A Project for Post-Competitive Trans-Rational Collective Sensemaking

new sensemaking tools

DEBATES ARE EXHAUSTED.  Past their prime.  Part of modernity's decaying legacy.  This claim is debatable, of course, but so is everything else in The Age of the Metacrisis.  To regenerate a world that is more than just “debatable,” we may need to innovate styles of collective sensemaking that go beyond the limits of the conventional debate format.

The debate format has emerged over thousands of years.  It allows two well-intentioned (usually male) rational agents to explore alternative sides of a propositional claim.  Universities and debate clubs train individuals in the rhetorical arts -- taking perspectives, organizing verbal arguments, and engaging in public persuasion.  This kind of domesticated socio-intellectual warfare (better than actual warfare!) has become the basic template for collective decision-making in elections, trials, legislatures, etc.  Yet this powerful approach has some serious drawbacks.
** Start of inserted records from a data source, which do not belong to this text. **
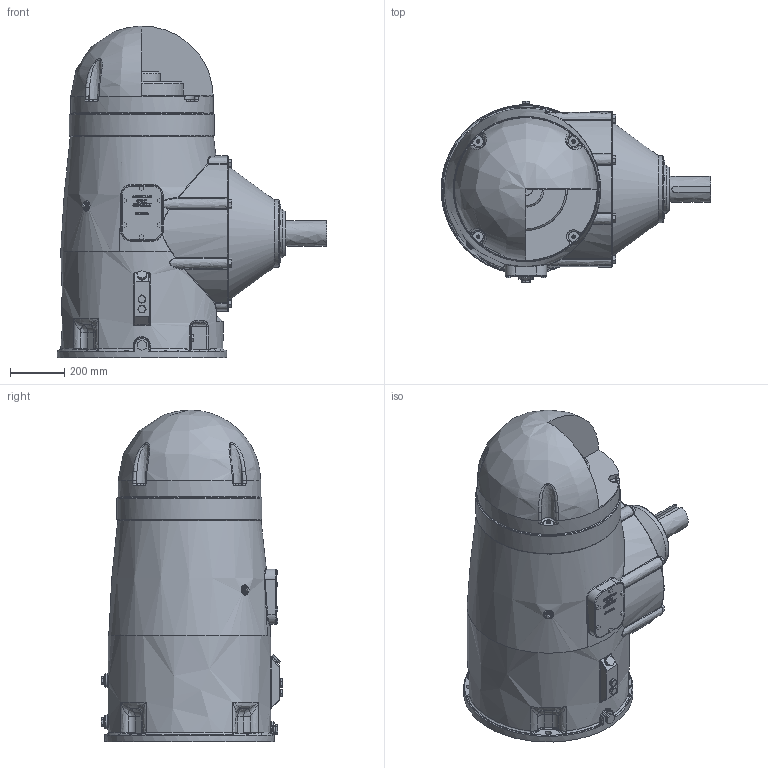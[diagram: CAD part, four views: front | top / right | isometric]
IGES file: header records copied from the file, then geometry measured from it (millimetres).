
Global section: file name: No Iges File Name specified; native system: Autodesk Inventor 2013; preprocessor: AutoDesk Inventor Iges Exporter R2013; author: michaela; date: 20140109.121837; units: inch
Bounding box: 990.6 x 666.75 x 1219.64 mm (x, y, z)
Volume: 317009775.8 mm3; surface area: 3035940.5 mm2
Topology: 1 solids, 1 shells, 1031 faces, 2580 edges, 1626 vertices
Faces by surface type: bspline 1031

> Conventional debate typically rewards the ability to mentally map other people's perspectives without necessarily empathizing. 

> Debate emphasizes a tactically rational approach to propositional claims -- often at the expense of participatory, embodied, affective, and dynamic multidimensional understanding.
> Debates notoriously ignore the embedding of participants in particular histories, power relations, neurodiversity, etc.
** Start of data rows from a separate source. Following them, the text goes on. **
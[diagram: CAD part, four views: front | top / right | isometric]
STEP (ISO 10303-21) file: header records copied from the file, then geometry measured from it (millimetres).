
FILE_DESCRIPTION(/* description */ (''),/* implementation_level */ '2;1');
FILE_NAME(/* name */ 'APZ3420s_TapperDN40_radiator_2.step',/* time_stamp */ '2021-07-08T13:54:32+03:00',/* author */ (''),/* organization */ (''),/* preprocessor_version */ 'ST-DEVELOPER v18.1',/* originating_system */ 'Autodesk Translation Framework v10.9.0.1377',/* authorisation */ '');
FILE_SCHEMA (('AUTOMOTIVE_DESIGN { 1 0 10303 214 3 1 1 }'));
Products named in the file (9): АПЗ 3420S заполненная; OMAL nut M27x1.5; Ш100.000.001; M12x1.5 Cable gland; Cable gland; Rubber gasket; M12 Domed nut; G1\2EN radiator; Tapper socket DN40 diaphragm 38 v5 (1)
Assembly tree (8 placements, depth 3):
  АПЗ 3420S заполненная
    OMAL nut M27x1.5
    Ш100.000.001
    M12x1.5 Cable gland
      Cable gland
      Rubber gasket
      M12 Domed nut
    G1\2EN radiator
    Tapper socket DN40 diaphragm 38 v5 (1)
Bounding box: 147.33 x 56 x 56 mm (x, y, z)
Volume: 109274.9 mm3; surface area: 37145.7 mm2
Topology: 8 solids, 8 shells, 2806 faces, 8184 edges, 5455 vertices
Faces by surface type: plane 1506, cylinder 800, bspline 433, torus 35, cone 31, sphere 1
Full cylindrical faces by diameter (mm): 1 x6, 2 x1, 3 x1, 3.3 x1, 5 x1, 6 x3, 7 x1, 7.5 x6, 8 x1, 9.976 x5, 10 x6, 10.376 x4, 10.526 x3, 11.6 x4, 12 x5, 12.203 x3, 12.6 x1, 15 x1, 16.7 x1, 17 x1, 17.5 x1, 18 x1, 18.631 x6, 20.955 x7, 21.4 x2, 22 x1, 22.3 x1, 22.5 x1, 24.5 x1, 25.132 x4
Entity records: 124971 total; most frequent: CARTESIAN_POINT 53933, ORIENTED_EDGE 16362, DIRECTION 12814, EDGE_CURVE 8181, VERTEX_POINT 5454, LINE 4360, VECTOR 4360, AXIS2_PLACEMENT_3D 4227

> There is no strong correlation between winning a debate and embodying a truth that is generally better for human beings and ecosystems. 

Is there any alternative?

The John Templeton Foundation founded a 2-year project to develop an alternative -- based partly on the suggestion of antidebates in this article by Peter Limber and Conor Barnes.  (You can watch a short video introducing the concept here.)

Here's the concept:

>>>The antidebate is an antidote to the hegemony of rationalism as a default way of knowing. The method is pluralist and generalist in spirit, and resolutely offline because relational somatic data is a key part of the process.

The project was overseen, inter alia, by Jonathan Rowson from Perspectiva.  Jonathan has written several essays on the process:  Bad Debate, Good Debate and Antidebate, The Antidebate & the Metacrisis, and Experiments in the Art of Sensemaking for a World Gone Slightly Mad.
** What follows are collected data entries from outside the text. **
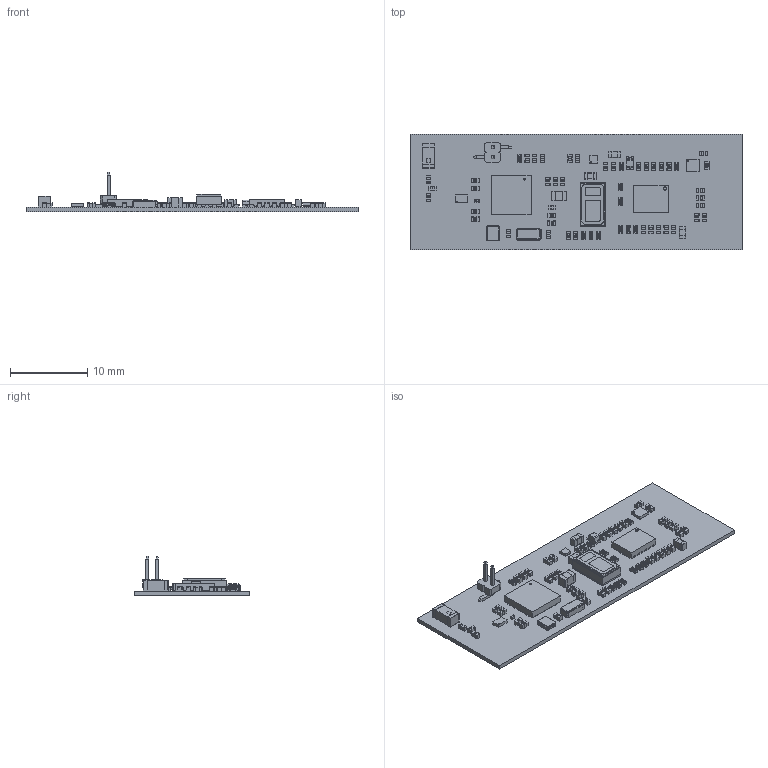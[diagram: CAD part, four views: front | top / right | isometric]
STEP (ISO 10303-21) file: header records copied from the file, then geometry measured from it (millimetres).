
FILE_DESCRIPTION(('Open CASCADE Model'),'2;1');
FILE_NAME('Open CASCADE Shape Model','2025-04-02T11:01:23',('Author'),( 'Open CASCADE'),'Open CASCADE STEP processor 7.5','Open CASCADE 7.5' ,'Unknown');
FILE_SCHEMA(('AUTOMOTIVE_DESIGN { 1 0 10303 214 1 1 1 1 }'));
Length unit declared in the file: millimetre
Products named in the file (101): PCB; Board; Open CASCADE STEP translator 7.5 3.1.1; RF1; 2450AT18A0100001E; C3; C0402C104K3RACTU; X101; 6786973520; X100; ECX-.327-CDX-1293--3DModel-STEP-56544; U400; MAX30102EFD_T; U200; 6786974560; U100; 6786977040; U2; TPS7A0218PDQNR; U1; BQ27427YZFR; R402; User Library-User Library-RES0402-2; R401; R400; R205; R204; R203; R202; R201; R200; R2; R1; L101; STEP-WE-PMI-0805_STD-rev1; core; Pad; L100; LQG15HN22NJ02D; L2 ...
Assembly tree (150 placements, depth 4):
  PCB
    Board
      Open CASCADE STEP translator 7.5 3.1.1
    RF1
      2450AT18A0100001E
    C3
      C0402C104K3RACTU
    X101
      6786973520
    X100
      ECX-.327-CDX-1293--3DModel-STEP-56544
    U400
      MAX30102EFD_T
    U200
      6786974560
    U100
      6786977040
    U2
      TPS7A0218PDQNR
    U1
      BQ27427YZFR
    R402
      User Library-User Library-RES0402-2
    R401
      User Library-User Library-RES0402-2
    R400
      User Library-User Library-RES0402-2
    R205
      User Library-User Library-RES0402-2
    R204
      User Library-User Library-RES0402-2
    R203
      User Library-User Library-RES0402-2
    R202
      User Library-User Library-RES0402-2
    R201
      User Library-User Library-RES0402-2
    R200
      User Library-User Library-RES0402-2
    R2
      User Library-User Library-RES0402-2
    R1
      User Library-User Library-RES0402-2
    L101
      STEP-WE-PMI-0805_STD-rev1
        core
        Pad  x2
    L100
      LQG15HN22NJ02D
    L2
      LQG15HN22NJ02D
    L1
      LQG15HN22NJ02D
    J1
      m50-3630242
        Open CASCADE STEP translator 7.5 3.26.1.1
        Open CASCADE STEP translator 7.5 3.26.1.2
        Open CASCADE STEP translator 7.5 3.26.1.3
    D200
      User Library-LTST-C190GKT
Bounding box: 43 x 15 x 5.05 mm (x, y, z)
Volume: 470.9 mm3; surface area: 2084.9 mm2
Topology: 359 solids, 359 shells, 8608 faces, 20835 edges, 12208 vertices
Faces by surface type: plane 5069, cylinder 2342, sphere 876, bspline 317, torus 4
Full cylindrical faces by diameter (mm): 0.051 x1, 0.258 x1
Entity records: 67275 total; most frequent: CARTESIAN_POINT 13159, DIRECTION 9302, ORIENTED_EDGE 9056, EDGE_CURVE 4528, LINE 3584, VECTOR 3584, VERTEX_POINT 2910, AXIS2_PLACEMENT_3D 2859

The AntiDebate process continues to evolve, teaching itself through its iterations and merging with insights curated from other practices of deliberative democracy and group inquiry.  However, the initial period of research and experimentation is drawing to an end. There is now a fairly consistent methodology that builds from the selection of a significant query, through various modalities of response and communication, toward an enriched sense of shared clarity.  There is a growing brand awareness of the AntiDebate as a concept (in which you are participating by reading this).  And there is also an intriguing set of emergent concepts from within the process itself -- such as the question bomb, tableauing, swarming, and enigmatics.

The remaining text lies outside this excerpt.